Ok! We can move one from C to B, resulting in this allocation all of 10G ports:
ms-be1044 eqiad row A
ms-be1045 eqiad row A
ms-be1046 eqiad row A
ms-be1047 eqiad row B
ms-be1048 eqiad row C
ms-be1049 eqiad row C
ms-be1050 eqiad row D

@Cmjohnson the ip addresses of the hosts as in production now don't seem to reflect this allocation:

ms-be1044.eqiad.wmnet has address 10.64.0.138
ms-be1045.eqiad.wmnet has address 10.64.0.139
ms-be1046.eqiad.wmnet has address 10.64.0.140
ms-be1047.eqiad.wmnet has address 10.64.16.28
ms-be1048.eqiad.wmnet has address 10.64.16.30
ms-be1049.eqiad.wmnet has address 10.64.32.74
ms-be1050.eqiad.wmnet has address 10.64.32.75

Namely 1048 is in row B but should be in C and 1050 is in C but should be in D.
I don't mind so much the order so moving 1048 from B to D would also work for me as long as the count-per-row stays the same.

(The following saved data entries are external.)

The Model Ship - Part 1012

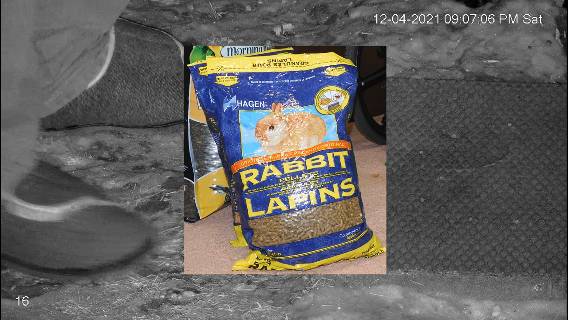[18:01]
we bought from amazon yeah let's give that a try um because that's all we got now i suppose i could probably put out some cabbage or
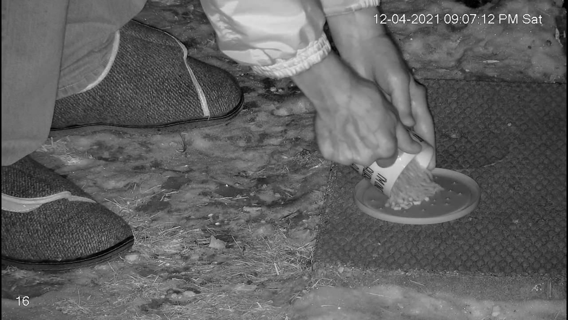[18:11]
something or cauliflower but i want to eat that i don't want to be giving the rabbits all the people food anyway
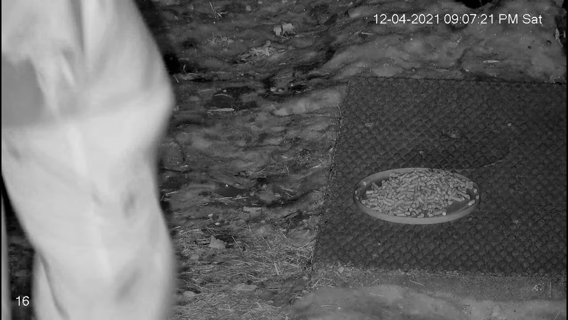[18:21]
we'll see what happens here i'm a little bit concerned because if i remember right this rabbit food this dry rabbit food does not do well when it gets wet so if it snows it's not going to fare well
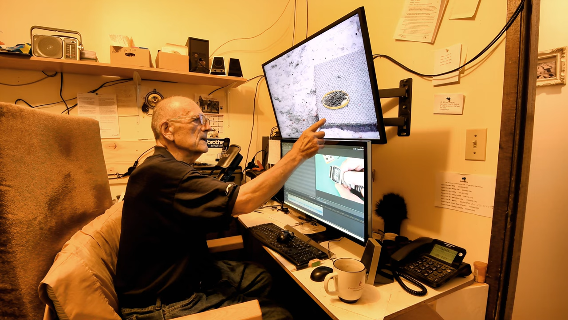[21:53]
okay so it's my intention to see if we had movement here i think i started to say that when i got up this morning i saw that there there was a rabbit at this thing so i and it did appear that he was nibbling at this but i want to see if more came during the night and and what i'm going to do here now i need i need two hands to do this
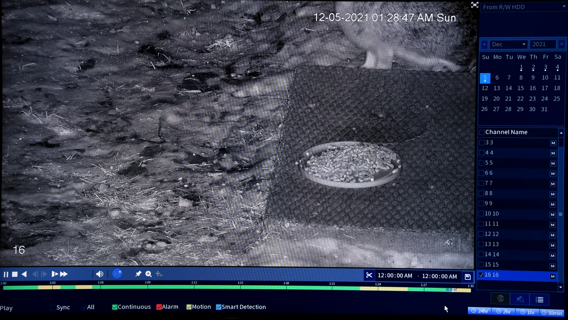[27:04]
okay here we go here we go we got a rabbit at 129 this morning well 128 in a few seconds
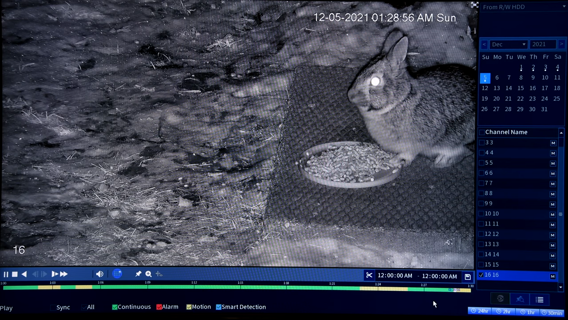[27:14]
um yeah so uh does it look like he's no he's taken off
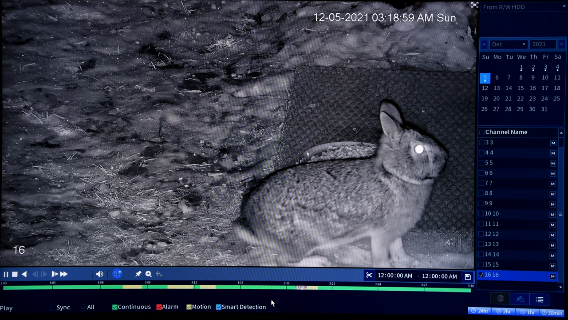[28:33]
okay 356 gives it a sniff, looks around, watching for coyotes, which by the way, apparently there were coyotes this morning. I guess I'll be showing you that tomorrow. No, it's sniffing around for what's left of the carrots.
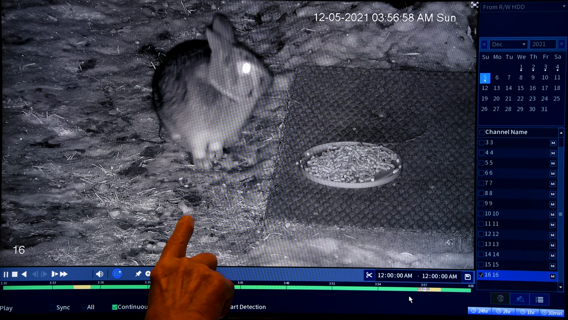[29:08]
In fact, you can see a little piece of carrot right there. Here's another one right here.

RobH added a comment.EditedDec 17 2018, 4:59 PM

TL;DR / IRC Summary Update:

The new systems are not distributed as evenly across all 4 rows as needed for our existing horizontal redundancy.

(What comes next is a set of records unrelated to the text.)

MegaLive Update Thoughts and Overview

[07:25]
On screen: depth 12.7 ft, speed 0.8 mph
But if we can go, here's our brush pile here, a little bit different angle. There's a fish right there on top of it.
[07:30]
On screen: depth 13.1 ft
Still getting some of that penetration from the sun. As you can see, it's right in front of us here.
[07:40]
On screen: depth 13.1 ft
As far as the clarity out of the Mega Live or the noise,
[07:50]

@Cmjohnson is going to offline and move ms-be1048 from row B to row D. Once there, it can have its DNS changes (from row B to D internal IP) and reimaged.

@RobH the server has been moved to d2/u31.

  • update netbox
  • remove from asw2-b-eqiad
  • update asw2-d-eqiad

Change 480145 had a related patch set uploaded (by RobH; owner: RobH):
[operations/dns@master] updating ms-be1048 production dns

https://gerrit.wikimedia.org/r/480145

Change 480145 merged by RobH:
[operations/dns@master] updating ms-be1048 production dns

https://gerrit.wikimedia.org/r/480145

Script wmf-auto-reimage was launched by robh on cumin1001.eqiad.wmnet for hosts:

['ms-be1048.eqiad.wmnet']

The log can be found in /var/log/wmf-auto-reimage/201812171900_robh_202179.log.

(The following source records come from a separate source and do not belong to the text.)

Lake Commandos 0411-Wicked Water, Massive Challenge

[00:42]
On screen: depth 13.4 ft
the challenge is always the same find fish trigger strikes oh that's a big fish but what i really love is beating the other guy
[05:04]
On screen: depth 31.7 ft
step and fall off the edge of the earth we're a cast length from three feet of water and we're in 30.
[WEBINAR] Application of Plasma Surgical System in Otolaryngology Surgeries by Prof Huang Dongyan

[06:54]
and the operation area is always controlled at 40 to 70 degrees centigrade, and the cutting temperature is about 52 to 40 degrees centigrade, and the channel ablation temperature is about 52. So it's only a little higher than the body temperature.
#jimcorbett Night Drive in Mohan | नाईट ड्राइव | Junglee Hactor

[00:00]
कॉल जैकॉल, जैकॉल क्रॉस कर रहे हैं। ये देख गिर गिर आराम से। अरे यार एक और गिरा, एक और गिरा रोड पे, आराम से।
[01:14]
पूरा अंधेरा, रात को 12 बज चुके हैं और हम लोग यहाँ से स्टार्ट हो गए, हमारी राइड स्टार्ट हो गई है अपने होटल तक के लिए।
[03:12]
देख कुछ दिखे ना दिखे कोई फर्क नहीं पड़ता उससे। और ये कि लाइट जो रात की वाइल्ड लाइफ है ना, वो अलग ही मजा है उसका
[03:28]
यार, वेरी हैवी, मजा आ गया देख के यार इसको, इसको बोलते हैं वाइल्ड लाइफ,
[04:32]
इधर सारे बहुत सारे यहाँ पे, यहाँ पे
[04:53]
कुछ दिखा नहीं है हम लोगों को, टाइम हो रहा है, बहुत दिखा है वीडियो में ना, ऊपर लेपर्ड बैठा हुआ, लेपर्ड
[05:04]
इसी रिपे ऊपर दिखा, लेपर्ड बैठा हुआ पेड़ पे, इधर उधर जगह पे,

RobH reassigned this task from Cmjohnson to fgiunchedi.Dec 17 2018, 8:26 PM

Filippo,

ms-be1048 has been relocated into row d & reimaged with its row d ip address. should be all set for you

Mentioned in SAL (#wikimedia-operations) [2018-12-18T09:38:03Z] <godog> swift eqiad-prod: initial weights for ms-be10[44-50].eqiad.wmnet - T209618

Change 480446 had a related patch set uploaded (by Filippo Giunchedi; owner: Filippo Giunchedi):
[operations/puppet@production] hieradata: add ms-be10[44-50].eqiad.wmnet

https://gerrit.wikimedia.org/r/480446

Change 480446 merged by Filippo Giunchedi:
[operations/puppet@production] hieradata: add ms-be10[44-50].eqiad.wmnet

https://gerrit.wikimedia.org/r/480446

RobH removed a subscriber: RobH.

Mentioned in SAL (#wikimedia-operations) [2018-12-19T08:16:20Z] <godog> swift eqiad-prod: more weight for ms-be10[44-50].eqiad.wmnet - T209618

Mentioned in SAL (#wikimedia-operations) [2018-12-26T09:13:40Z] <godog> swift eqiad-prod: more weight for ms-be10[44-50].eqiad.wmnet - T209618

Mentioned in SAL (#wikimedia-operations) [2019-01-02T09:06:03Z] <godog> eqiad-prod: final weight for ms-be10[44-50].eqiad.wmnet - T209618

@Cmjohnson @fgiunchedi
There are 2 new Icinga alerts saying that on ms-be1044 and ms-be1045 the power supplies are not redundant anymore:

Indeed! That's T212861: Rack A2's hosts alarm for PSU broken

fgiunchedi closed this task as Resolved.Jan 8 2019, 2:09 PM

All new hosts in service, resolving.